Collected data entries
^^^^^^^^

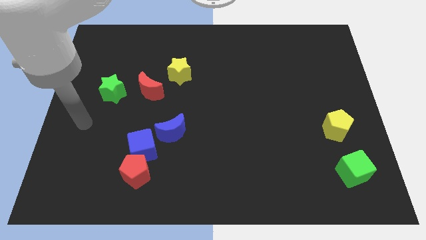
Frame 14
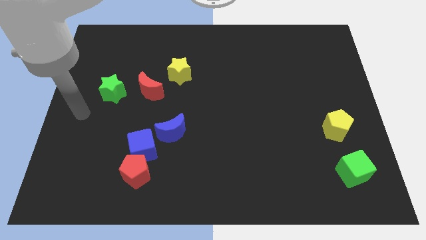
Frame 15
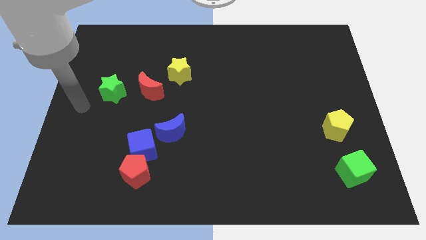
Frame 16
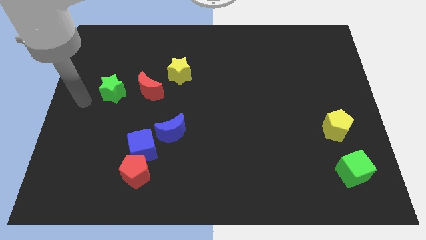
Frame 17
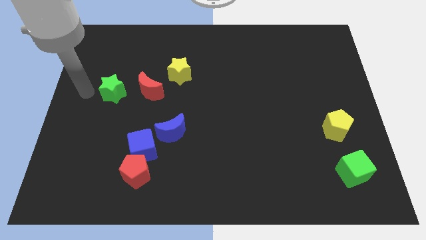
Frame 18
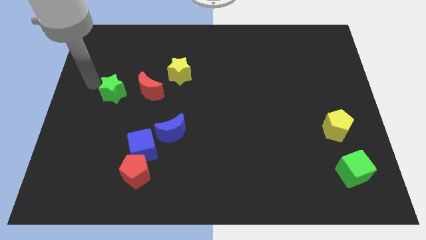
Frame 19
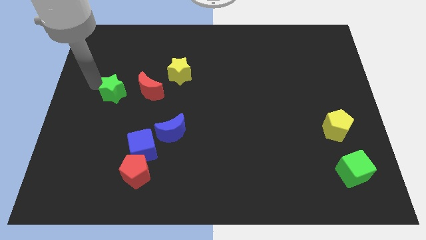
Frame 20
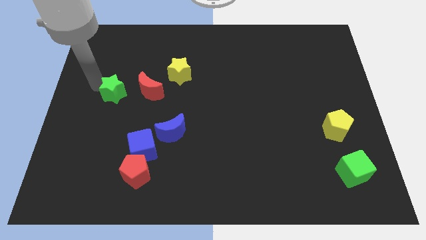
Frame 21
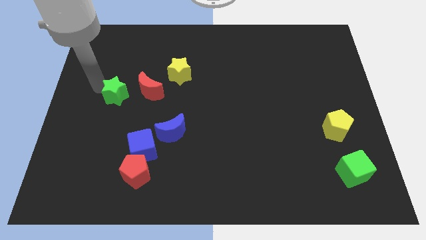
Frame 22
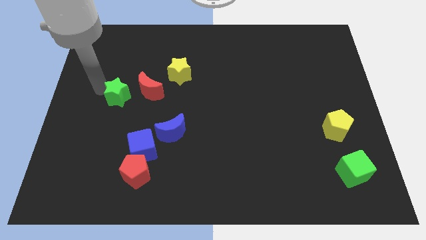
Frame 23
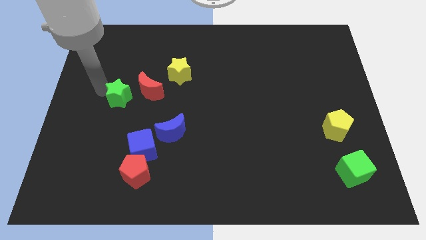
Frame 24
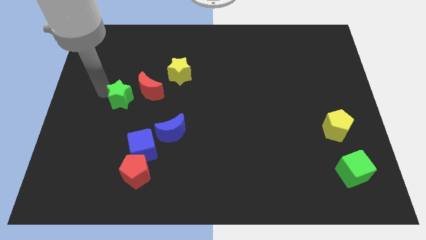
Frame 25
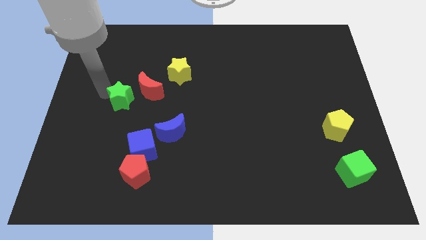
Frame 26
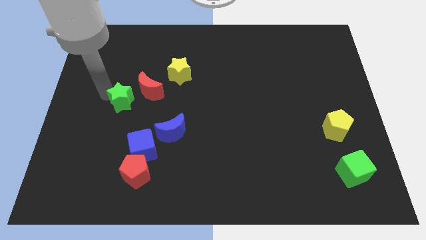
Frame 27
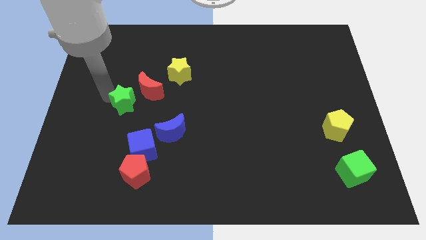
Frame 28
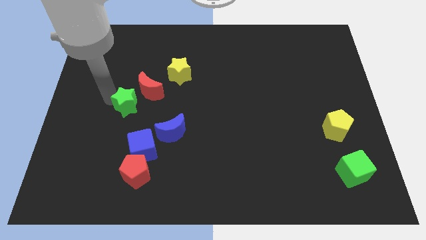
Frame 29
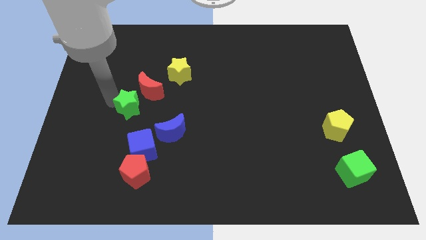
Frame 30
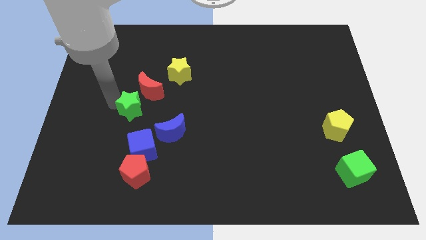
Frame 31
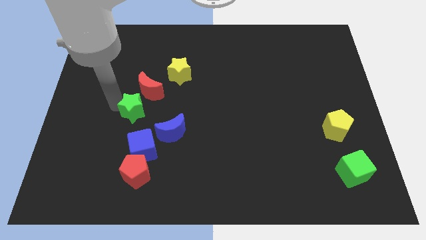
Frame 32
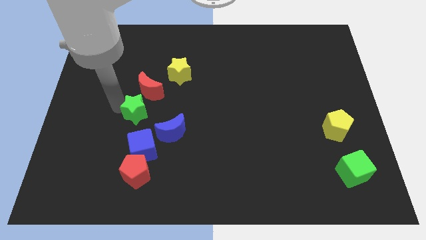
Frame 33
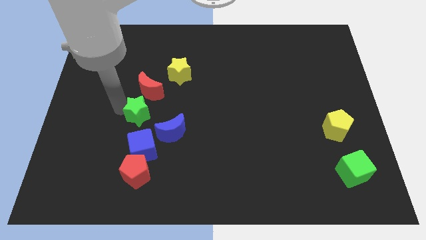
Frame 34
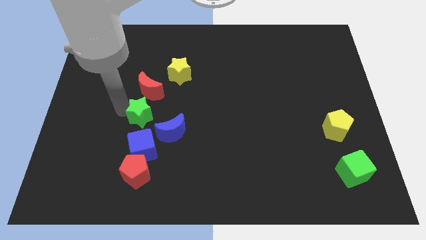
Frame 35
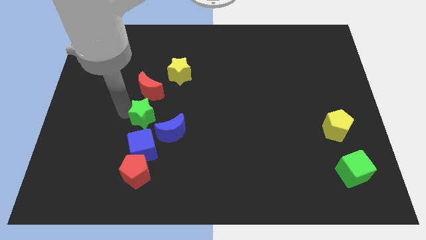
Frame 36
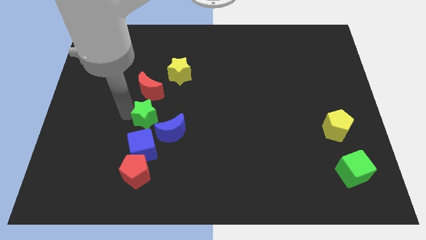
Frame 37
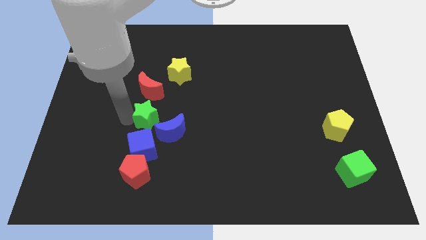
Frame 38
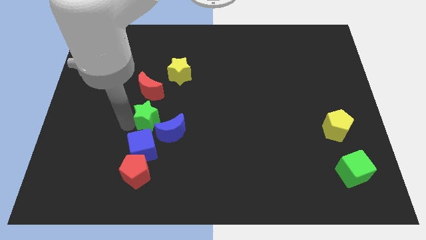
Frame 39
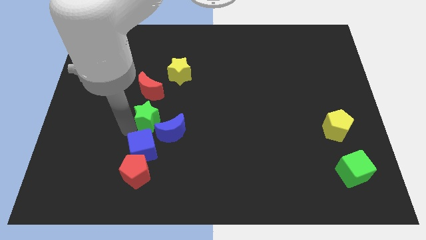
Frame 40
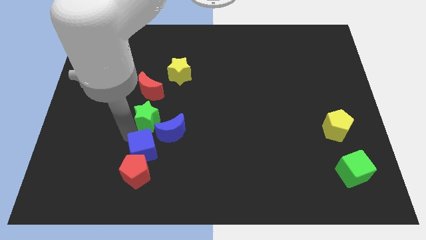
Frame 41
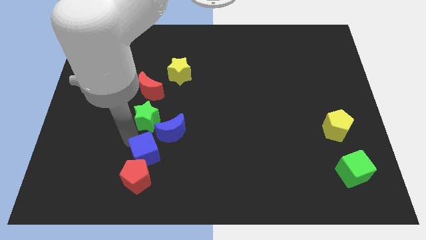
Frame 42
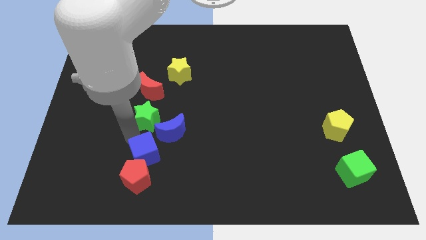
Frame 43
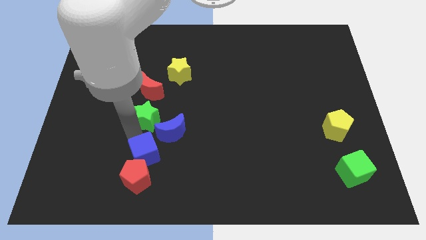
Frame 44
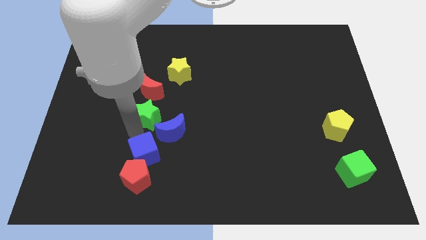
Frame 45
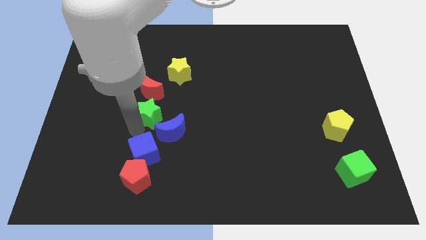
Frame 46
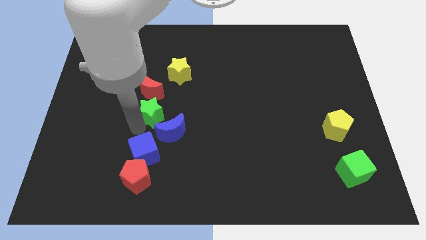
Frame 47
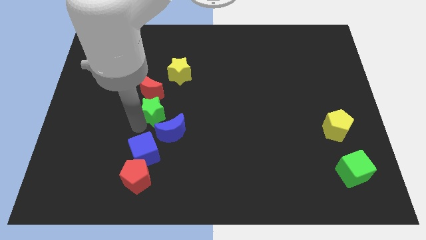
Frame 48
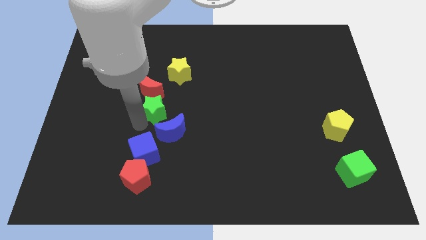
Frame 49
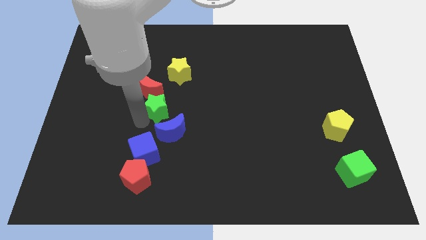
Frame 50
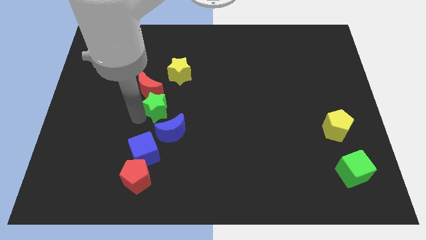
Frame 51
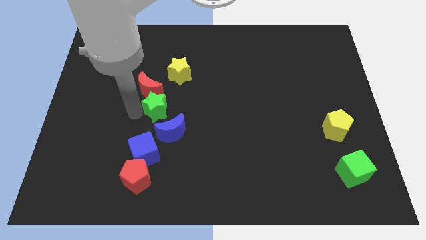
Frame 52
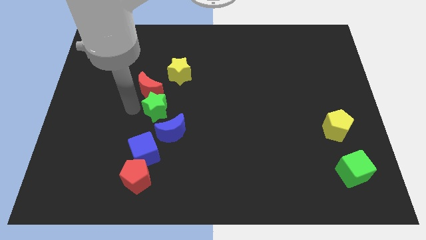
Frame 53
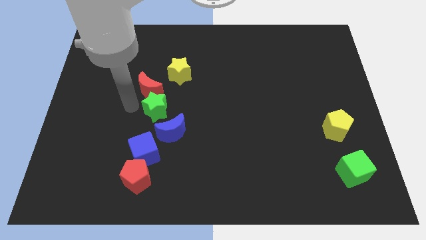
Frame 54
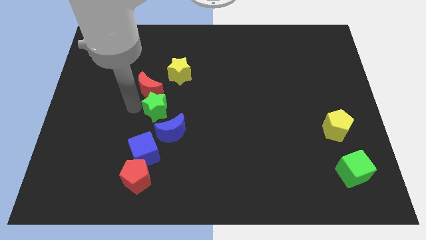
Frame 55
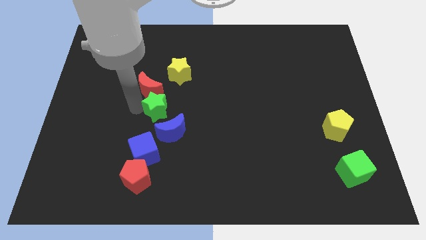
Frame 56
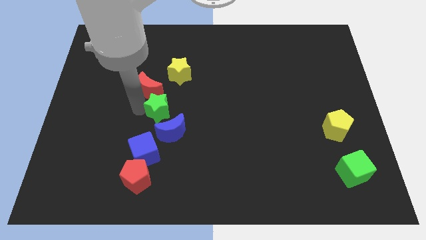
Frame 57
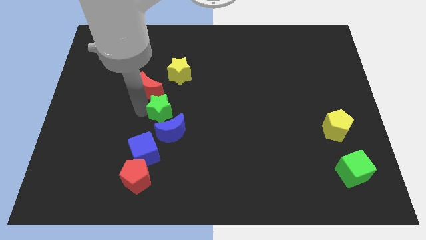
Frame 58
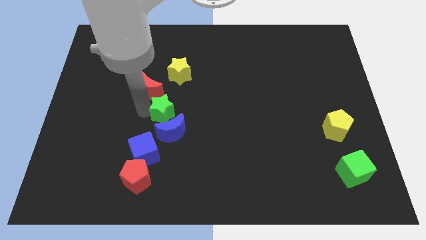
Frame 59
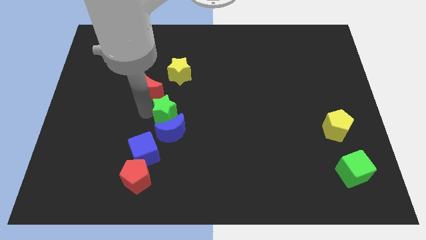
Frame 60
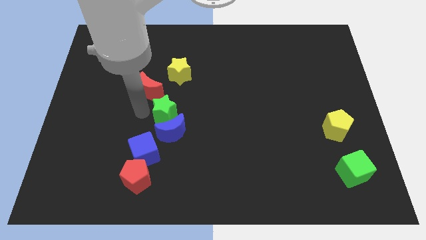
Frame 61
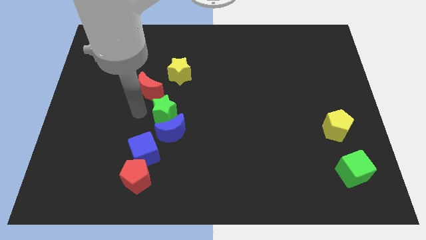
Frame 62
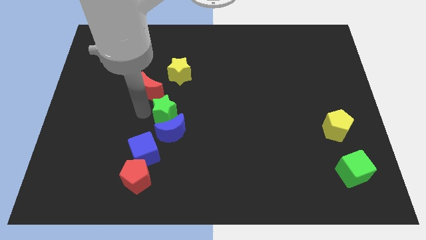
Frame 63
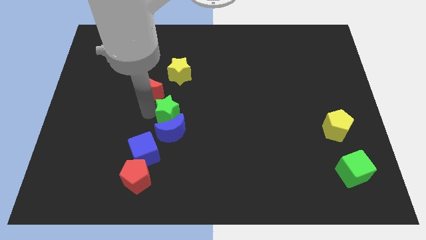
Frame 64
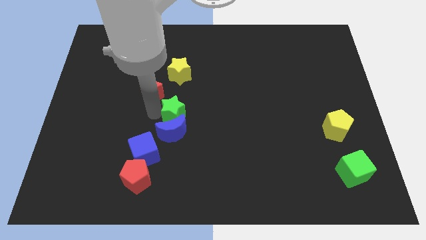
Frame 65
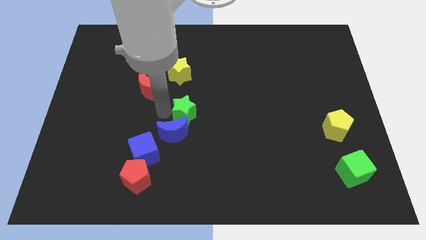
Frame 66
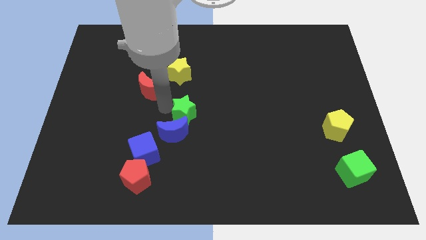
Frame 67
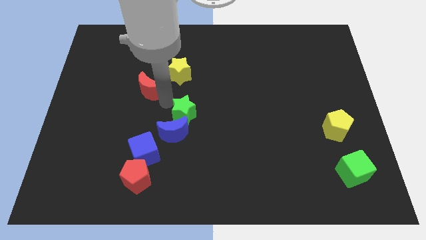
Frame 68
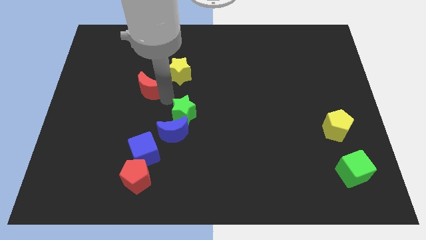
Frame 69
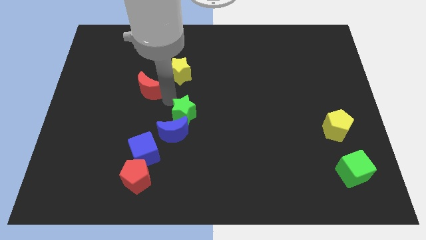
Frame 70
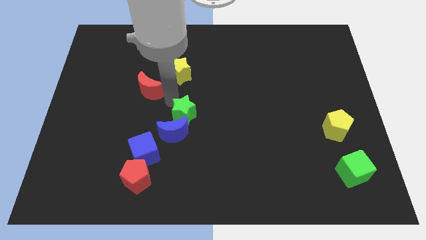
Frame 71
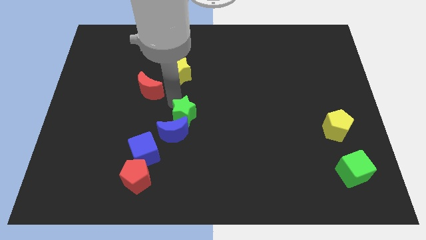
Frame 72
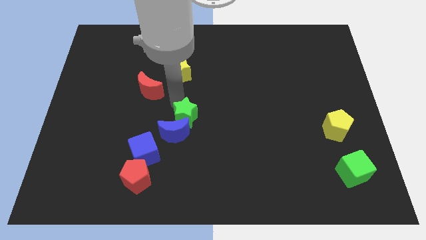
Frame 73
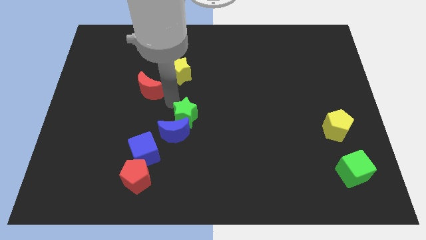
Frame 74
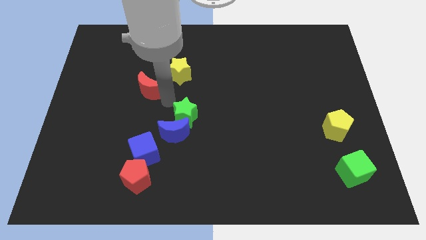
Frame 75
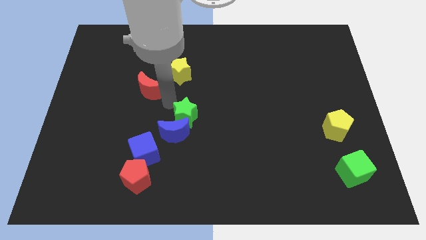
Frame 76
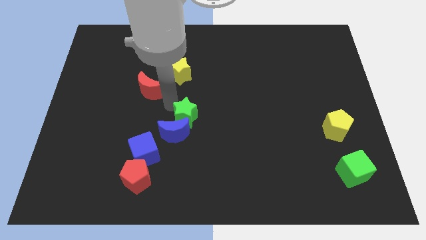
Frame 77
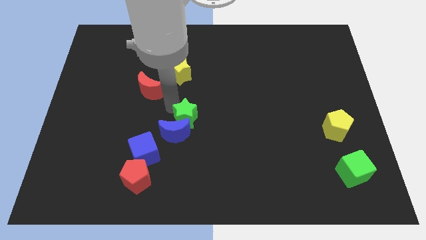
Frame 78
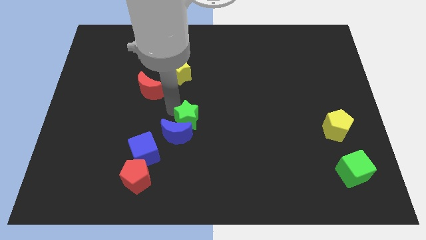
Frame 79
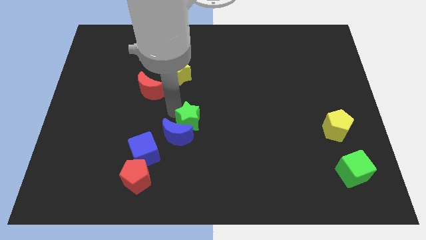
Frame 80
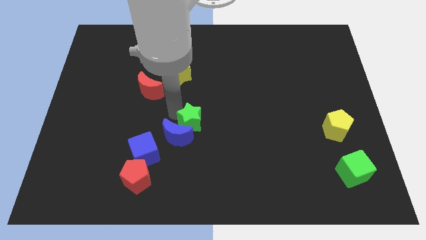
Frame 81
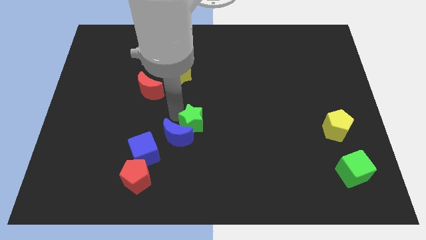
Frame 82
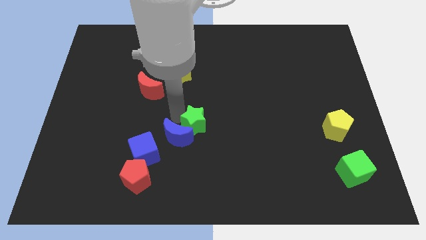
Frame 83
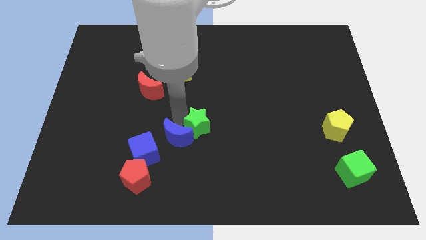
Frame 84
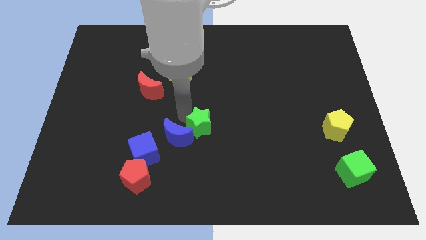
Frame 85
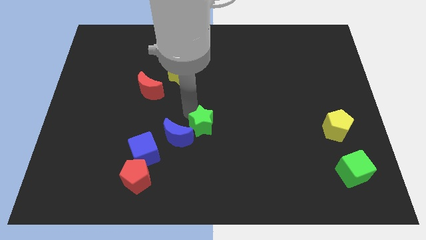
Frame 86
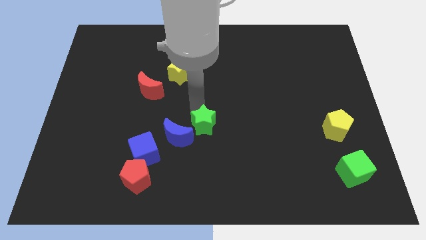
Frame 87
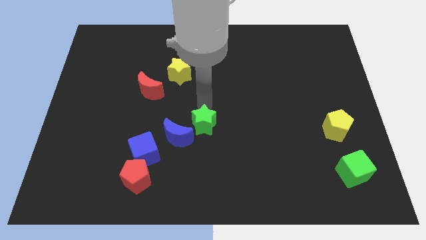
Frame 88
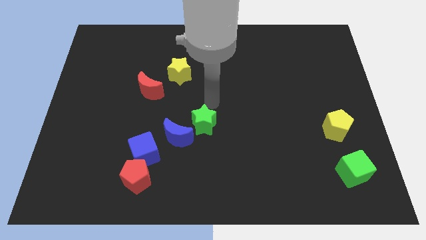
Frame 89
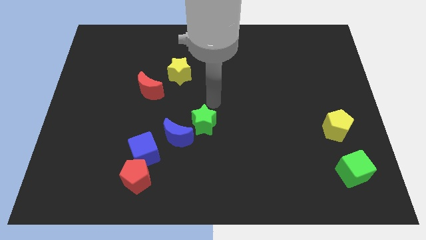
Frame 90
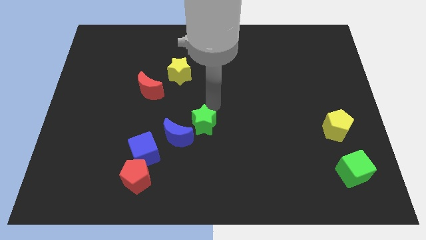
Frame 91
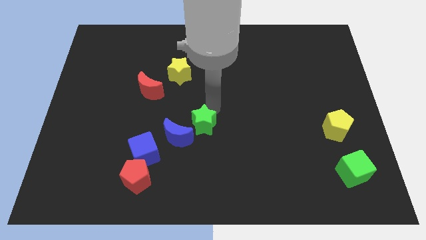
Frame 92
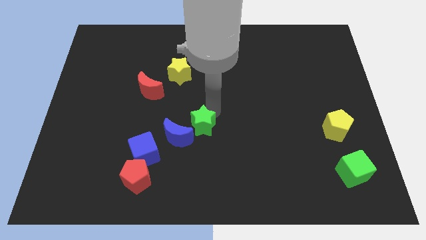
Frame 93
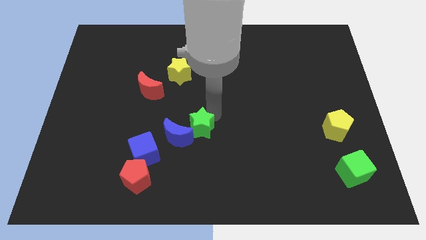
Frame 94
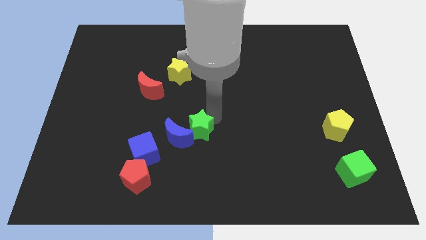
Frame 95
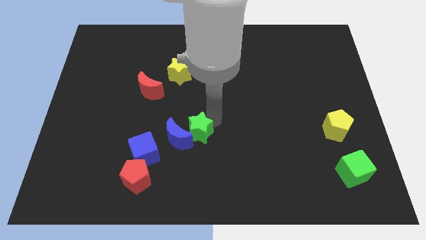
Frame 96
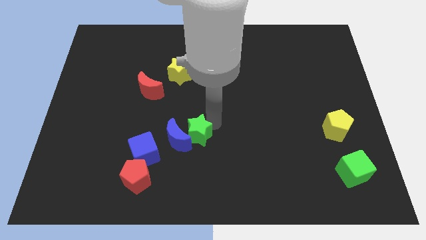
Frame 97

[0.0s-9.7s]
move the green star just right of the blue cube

^^^^^^^^

Brief
Output the records above exactly as written, but leave out the pictures.

Result of the task
Frame 14
Frame 15
Frame 16
Frame 17
Frame 18
Frame 19
Frame 20
Frame 21
Frame 22
Frame 23
Frame 24
Frame 25
Frame 26
Frame 27
Frame 28
Frame 29
Frame 30
Frame 31
Frame 32
Frame 33
Frame 34
Frame 35
Frame 36
Frame 37
Frame 38
Frame 39
Frame 40
Frame 41
Frame 42
Frame 43
Frame 44
Frame 45
Frame 46
Frame 47
Frame 48
Frame 49
Frame 50
Frame 51
Frame 52
Frame 53
Frame 54
Frame 55
Frame 56
Frame 57
Frame 58
Frame 59
Frame 60
Frame 61
Frame 62
Frame 63
Frame 64
Frame 65
Frame 66
Frame 67
Frame 68
Frame 69
Frame 70
Frame 71
Frame 72
Frame 73
Frame 74
Frame 75
Frame 76
Frame 77
Frame 78
Frame 79
Frame 80
Frame 81
Frame 82
Frame 83
Frame 84
Frame 85
Frame 86
Frame 87
Frame 88
Frame 89
Frame 90
Frame 91
Frame 92
Frame 93
Frame 94
Frame 95
Frame 96
Frame 97

[0.0s-9.7s]
move the green star just right of the blue cube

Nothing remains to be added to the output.